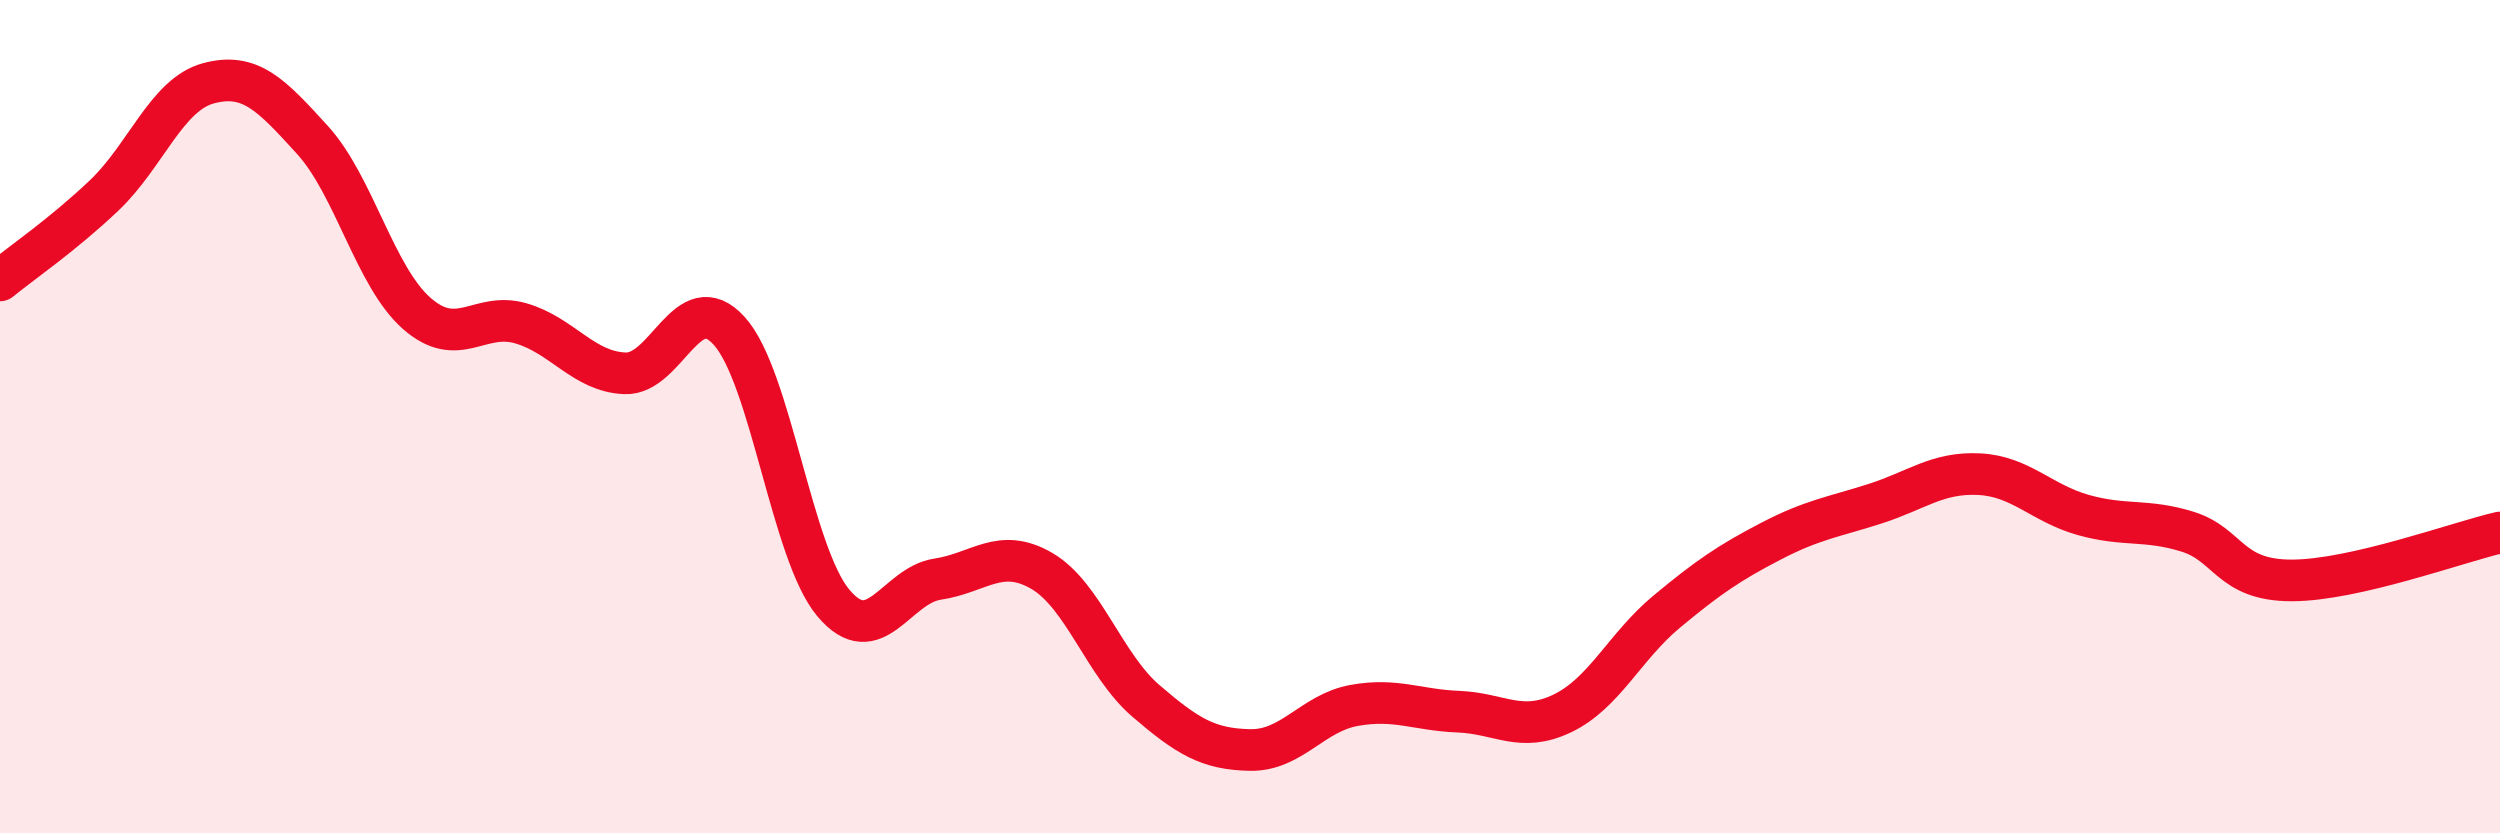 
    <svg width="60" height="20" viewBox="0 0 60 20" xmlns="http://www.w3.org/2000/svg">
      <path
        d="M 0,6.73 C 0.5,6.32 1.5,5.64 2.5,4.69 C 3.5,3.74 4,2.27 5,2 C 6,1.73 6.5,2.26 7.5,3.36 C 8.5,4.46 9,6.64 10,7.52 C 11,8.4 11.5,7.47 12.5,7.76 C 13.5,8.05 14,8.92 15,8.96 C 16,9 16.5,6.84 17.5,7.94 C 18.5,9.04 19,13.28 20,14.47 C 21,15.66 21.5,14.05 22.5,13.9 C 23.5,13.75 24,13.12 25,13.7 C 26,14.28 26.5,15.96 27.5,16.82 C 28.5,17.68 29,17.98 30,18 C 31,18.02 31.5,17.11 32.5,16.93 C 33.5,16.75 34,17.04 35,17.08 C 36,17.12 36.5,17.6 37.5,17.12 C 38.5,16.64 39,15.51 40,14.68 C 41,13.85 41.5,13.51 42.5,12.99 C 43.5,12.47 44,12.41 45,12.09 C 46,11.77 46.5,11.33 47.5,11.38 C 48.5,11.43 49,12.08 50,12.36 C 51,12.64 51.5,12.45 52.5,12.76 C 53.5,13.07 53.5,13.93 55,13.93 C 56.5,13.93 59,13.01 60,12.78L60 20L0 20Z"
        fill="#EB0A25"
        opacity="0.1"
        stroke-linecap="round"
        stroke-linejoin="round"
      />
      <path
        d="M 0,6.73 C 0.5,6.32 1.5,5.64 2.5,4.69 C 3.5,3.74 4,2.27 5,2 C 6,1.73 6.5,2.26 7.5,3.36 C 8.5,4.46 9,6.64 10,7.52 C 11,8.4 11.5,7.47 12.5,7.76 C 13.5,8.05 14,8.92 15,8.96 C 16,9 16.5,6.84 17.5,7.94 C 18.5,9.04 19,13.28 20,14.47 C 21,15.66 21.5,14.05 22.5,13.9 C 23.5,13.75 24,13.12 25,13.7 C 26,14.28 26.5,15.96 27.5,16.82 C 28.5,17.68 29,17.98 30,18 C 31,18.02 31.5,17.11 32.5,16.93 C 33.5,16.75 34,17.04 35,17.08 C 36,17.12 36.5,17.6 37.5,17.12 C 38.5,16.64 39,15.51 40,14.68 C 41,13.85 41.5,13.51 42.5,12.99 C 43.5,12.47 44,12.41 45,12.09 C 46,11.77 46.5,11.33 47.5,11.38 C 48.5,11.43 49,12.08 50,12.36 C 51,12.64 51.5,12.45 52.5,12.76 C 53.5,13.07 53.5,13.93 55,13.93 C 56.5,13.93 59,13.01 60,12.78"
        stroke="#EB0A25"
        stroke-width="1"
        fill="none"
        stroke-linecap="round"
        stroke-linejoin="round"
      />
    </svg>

= = = = =

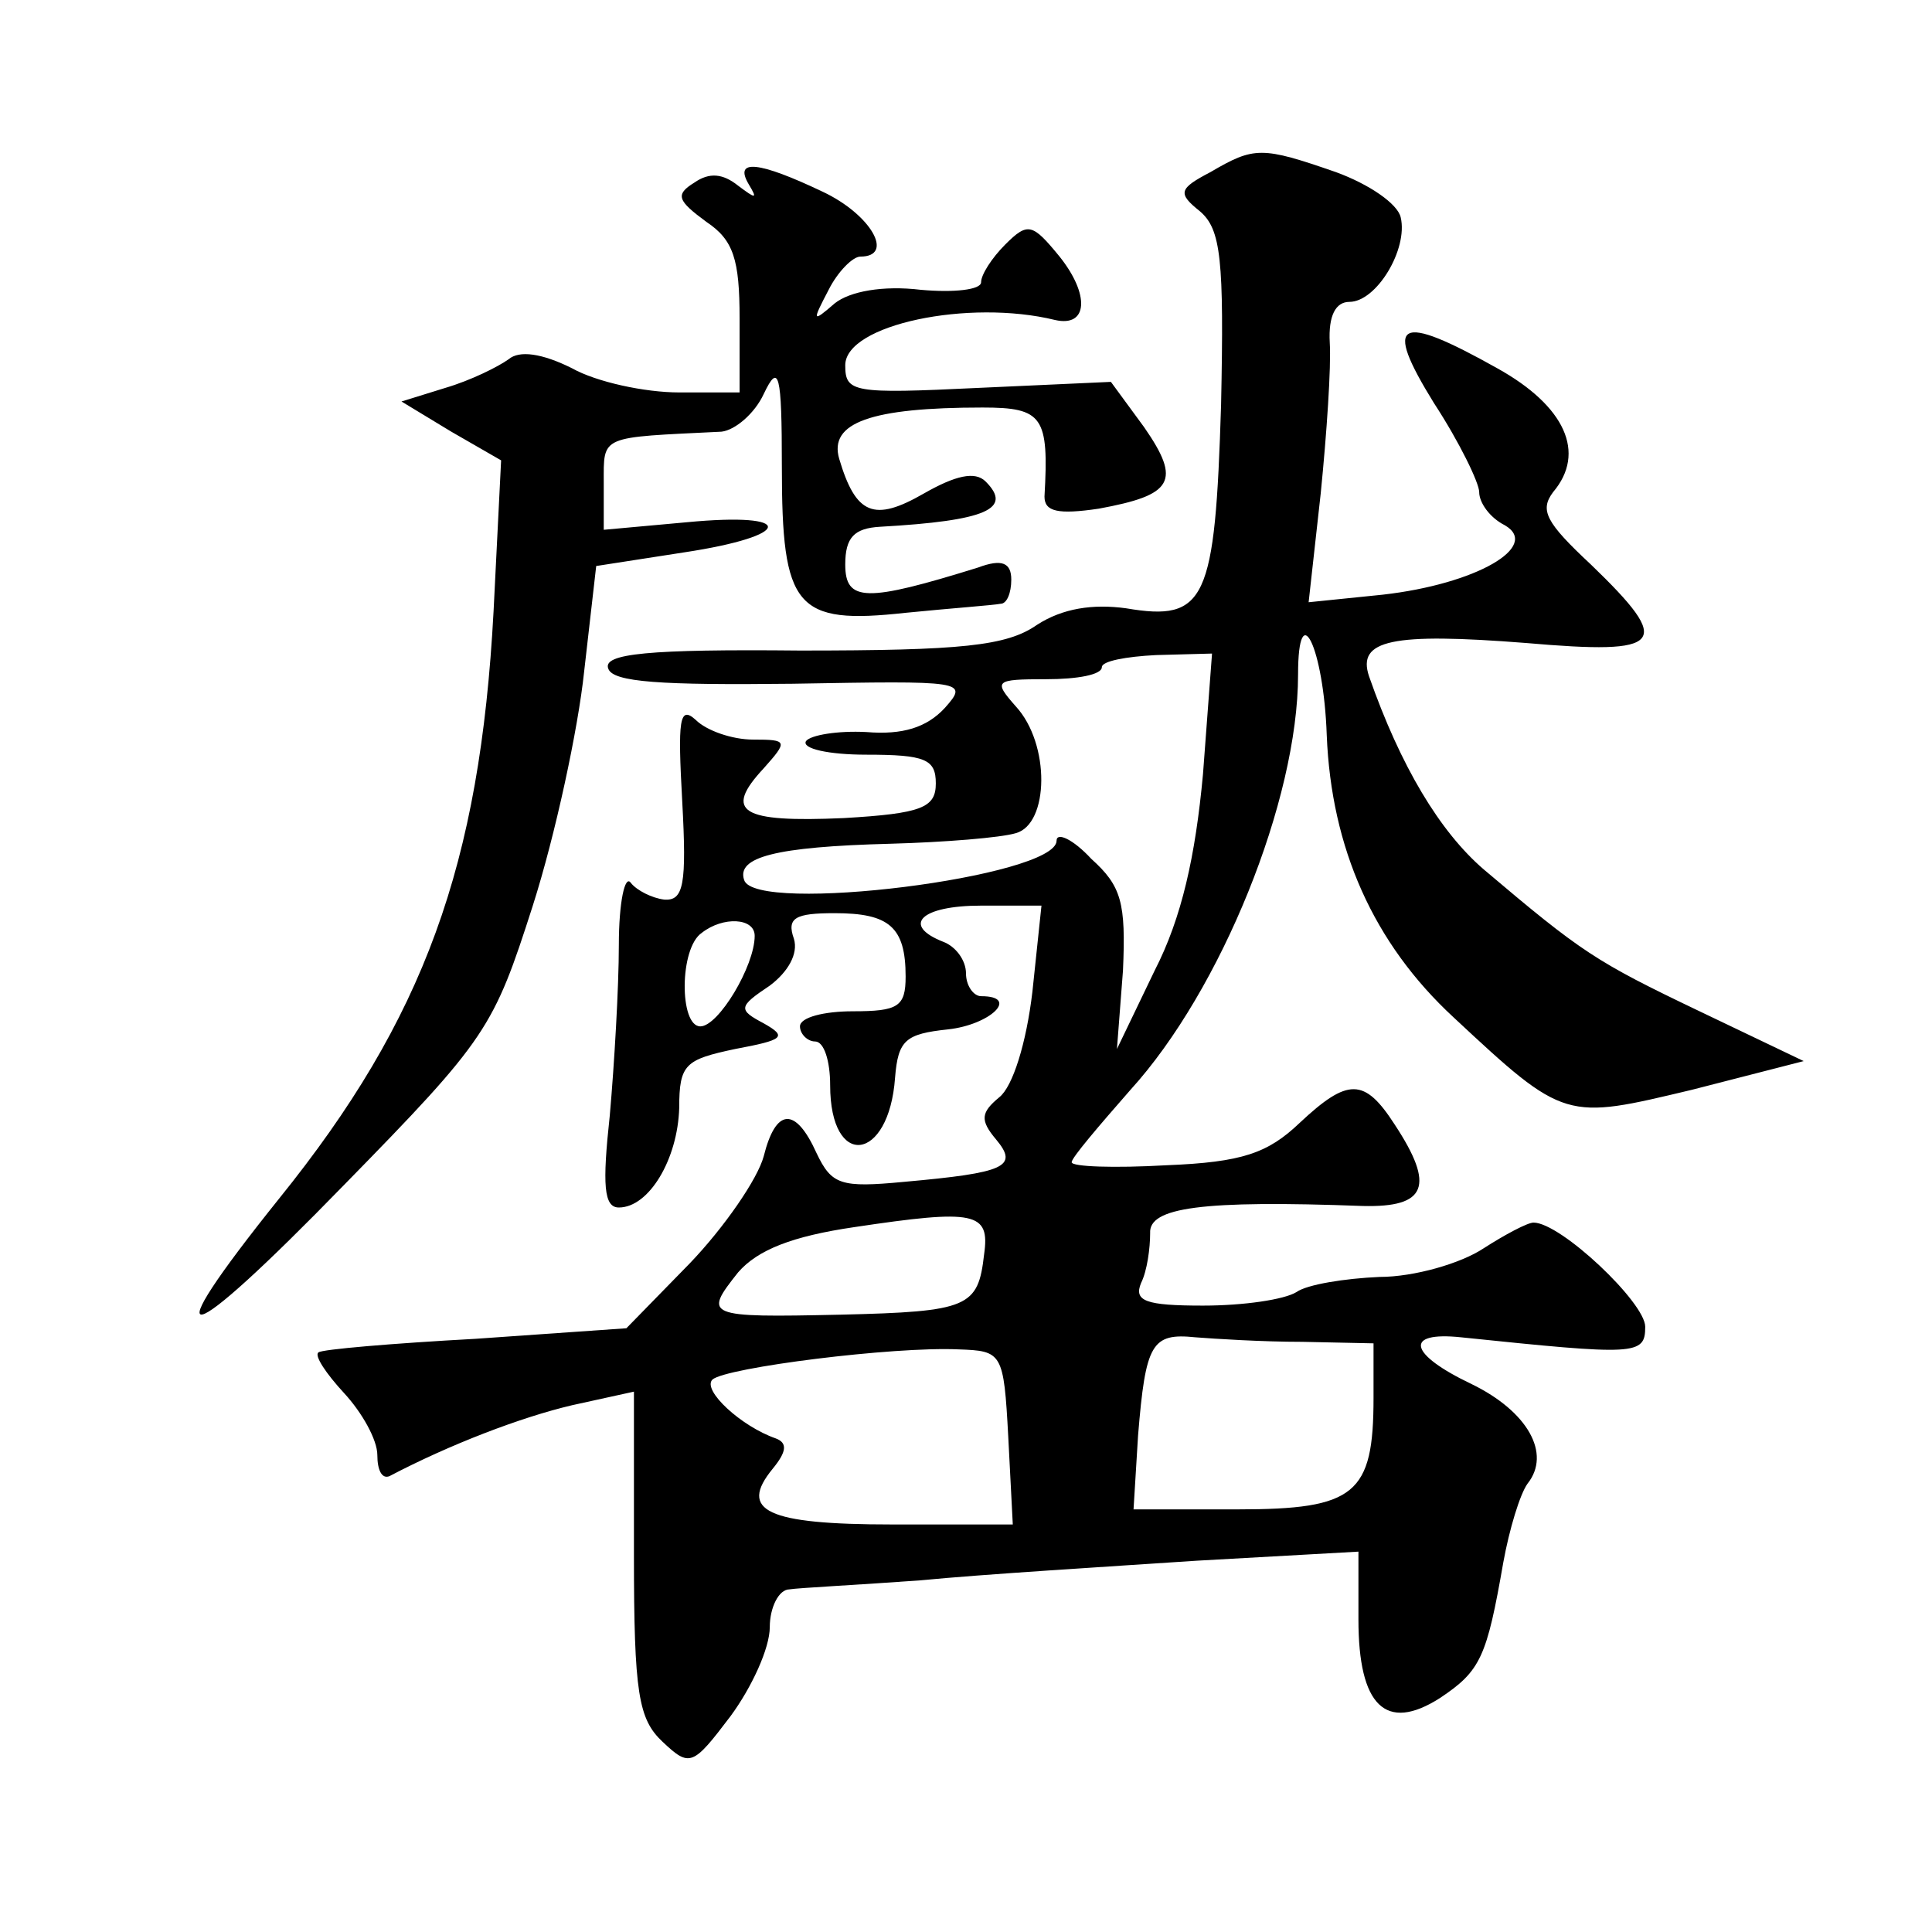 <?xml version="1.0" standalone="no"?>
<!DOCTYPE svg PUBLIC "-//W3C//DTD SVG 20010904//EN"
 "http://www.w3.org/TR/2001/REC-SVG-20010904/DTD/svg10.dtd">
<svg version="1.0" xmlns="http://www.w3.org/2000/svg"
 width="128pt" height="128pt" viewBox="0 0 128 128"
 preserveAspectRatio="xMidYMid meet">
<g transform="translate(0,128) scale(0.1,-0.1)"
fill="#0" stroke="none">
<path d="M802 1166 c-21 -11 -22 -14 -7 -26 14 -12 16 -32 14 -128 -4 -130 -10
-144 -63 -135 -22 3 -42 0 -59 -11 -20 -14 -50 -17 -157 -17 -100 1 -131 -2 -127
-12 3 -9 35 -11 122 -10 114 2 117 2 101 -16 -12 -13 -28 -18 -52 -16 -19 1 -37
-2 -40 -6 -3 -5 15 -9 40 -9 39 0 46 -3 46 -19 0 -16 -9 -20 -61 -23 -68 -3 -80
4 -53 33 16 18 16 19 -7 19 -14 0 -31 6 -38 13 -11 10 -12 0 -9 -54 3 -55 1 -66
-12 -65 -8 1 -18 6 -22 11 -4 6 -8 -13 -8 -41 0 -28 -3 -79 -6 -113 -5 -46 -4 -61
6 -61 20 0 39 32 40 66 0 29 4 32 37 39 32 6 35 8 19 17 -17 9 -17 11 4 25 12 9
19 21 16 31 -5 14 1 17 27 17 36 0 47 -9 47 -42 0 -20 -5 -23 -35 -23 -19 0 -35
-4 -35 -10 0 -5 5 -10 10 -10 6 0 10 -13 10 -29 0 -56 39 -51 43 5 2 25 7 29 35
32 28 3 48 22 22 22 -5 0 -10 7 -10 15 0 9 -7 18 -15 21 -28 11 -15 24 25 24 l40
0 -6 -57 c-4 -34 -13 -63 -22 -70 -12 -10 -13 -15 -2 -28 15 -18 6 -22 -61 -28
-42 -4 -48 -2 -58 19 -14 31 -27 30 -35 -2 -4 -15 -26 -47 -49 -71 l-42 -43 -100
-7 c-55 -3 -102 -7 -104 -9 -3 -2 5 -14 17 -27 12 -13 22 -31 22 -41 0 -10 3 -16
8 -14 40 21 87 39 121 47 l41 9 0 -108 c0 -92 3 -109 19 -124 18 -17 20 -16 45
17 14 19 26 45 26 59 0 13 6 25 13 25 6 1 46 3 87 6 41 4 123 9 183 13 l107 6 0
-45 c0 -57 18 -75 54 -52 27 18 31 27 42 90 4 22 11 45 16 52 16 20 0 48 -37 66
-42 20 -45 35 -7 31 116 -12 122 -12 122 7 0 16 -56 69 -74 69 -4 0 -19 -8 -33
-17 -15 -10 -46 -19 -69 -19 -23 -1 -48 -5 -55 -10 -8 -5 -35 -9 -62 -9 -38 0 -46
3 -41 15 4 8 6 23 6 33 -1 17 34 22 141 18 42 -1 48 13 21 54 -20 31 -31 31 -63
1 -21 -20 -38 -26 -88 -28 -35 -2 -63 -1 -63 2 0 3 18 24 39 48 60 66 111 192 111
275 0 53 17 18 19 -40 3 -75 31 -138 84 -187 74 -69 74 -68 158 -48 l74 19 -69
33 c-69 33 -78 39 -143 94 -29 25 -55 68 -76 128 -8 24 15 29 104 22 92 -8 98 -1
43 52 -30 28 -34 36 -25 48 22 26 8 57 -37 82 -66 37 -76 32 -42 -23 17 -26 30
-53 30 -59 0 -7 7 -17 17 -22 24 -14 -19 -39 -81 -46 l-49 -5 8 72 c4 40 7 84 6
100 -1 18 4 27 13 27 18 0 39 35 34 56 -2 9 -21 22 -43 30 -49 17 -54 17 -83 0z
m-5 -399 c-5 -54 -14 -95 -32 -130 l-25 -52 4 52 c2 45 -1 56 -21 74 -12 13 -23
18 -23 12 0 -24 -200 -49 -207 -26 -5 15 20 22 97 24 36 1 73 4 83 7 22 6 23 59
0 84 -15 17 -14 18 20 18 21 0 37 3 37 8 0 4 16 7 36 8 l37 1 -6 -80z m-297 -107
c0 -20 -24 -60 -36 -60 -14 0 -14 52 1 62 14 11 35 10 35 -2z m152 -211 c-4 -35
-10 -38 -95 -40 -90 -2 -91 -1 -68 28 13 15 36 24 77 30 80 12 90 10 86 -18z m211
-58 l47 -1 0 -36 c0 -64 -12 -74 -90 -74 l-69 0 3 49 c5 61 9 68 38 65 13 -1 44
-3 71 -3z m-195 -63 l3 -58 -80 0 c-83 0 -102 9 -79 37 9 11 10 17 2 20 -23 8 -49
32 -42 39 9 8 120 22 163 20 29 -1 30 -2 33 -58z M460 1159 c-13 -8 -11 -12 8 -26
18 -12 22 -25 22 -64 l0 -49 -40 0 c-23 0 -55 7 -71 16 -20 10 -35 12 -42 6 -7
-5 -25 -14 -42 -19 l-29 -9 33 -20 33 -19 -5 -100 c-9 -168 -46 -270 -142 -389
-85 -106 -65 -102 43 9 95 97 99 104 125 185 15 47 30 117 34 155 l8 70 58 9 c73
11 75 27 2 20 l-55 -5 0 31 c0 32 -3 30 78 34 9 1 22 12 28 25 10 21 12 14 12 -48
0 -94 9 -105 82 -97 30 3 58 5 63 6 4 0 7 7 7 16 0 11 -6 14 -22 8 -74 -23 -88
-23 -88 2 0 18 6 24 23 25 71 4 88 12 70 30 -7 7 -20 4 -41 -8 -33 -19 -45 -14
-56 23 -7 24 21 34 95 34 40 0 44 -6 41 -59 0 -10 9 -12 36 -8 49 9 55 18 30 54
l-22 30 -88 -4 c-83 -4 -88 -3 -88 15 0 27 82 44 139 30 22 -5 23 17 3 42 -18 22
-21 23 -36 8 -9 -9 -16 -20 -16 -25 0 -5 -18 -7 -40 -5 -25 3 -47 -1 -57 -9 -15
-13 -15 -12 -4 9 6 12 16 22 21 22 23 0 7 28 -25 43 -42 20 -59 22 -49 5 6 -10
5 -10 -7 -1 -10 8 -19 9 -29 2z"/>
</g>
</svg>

= = = = =

_Task prompt_: In the listing above, find the line with "18 -23 12 0" and the line with "11 75 27 2 20"; set down exactly those two lines and every line between them, nothing more.

_Output of the task_:
18 -23 12 0 -24 -200 -49 -207 -26 -5 15 20 22 97 24 36 1 73 4 83 7 22 6 23 59
0 84 -15 17 -14 18 20 18 21 0 37 3 37 8 0 4 16 7 36 8 l37 1 -6 -80z m-297 -107
c0 -20 -24 -60 -36 -60 -14 0 -14 52 1 62 14 11 35 10 35 -2z m152 -211 c-4 -35
-10 -38 -95 -40 -90 -2 -91 -1 -68 28 13 15 36 24 77 30 80 12 90 10 86 -18z m211
-58 l47 -1 0 -36 c0 -64 -12 -74 -90 -74 l-69 0 3 49 c5 61 9 68 38 65 13 -1 44
-3 71 -3z m-195 -63 l3 -58 -80 0 c-83 0 -102 9 -79 37 9 11 10 17 2 20 -23 8 -49
32 -42 39 9 8 120 22 163 20 29 -1 30 -2 33 -58z M460 1159 c-13 -8 -11 -12 8 -26
18 -12 22 -25 22 -64 l0 -49 -40 0 c-23 0 -55 7 -71 16 -20 10 -35 12 -42 6 -7
-5 -25 -14 -42 -19 l-29 -9 33 -20 33 -19 -5 -100 c-9 -168 -46 -270 -142 -389
-85 -106 -65 -102 43 9 95 97 99 104 125 185 15 47 30 117 34 155 l8 70 58 9 c73
11 75 27 2 20 l-55 -5 0 31 c0 32 -3 30 78 34 9 1 22 12 28 25 10 21 12 14 12 -48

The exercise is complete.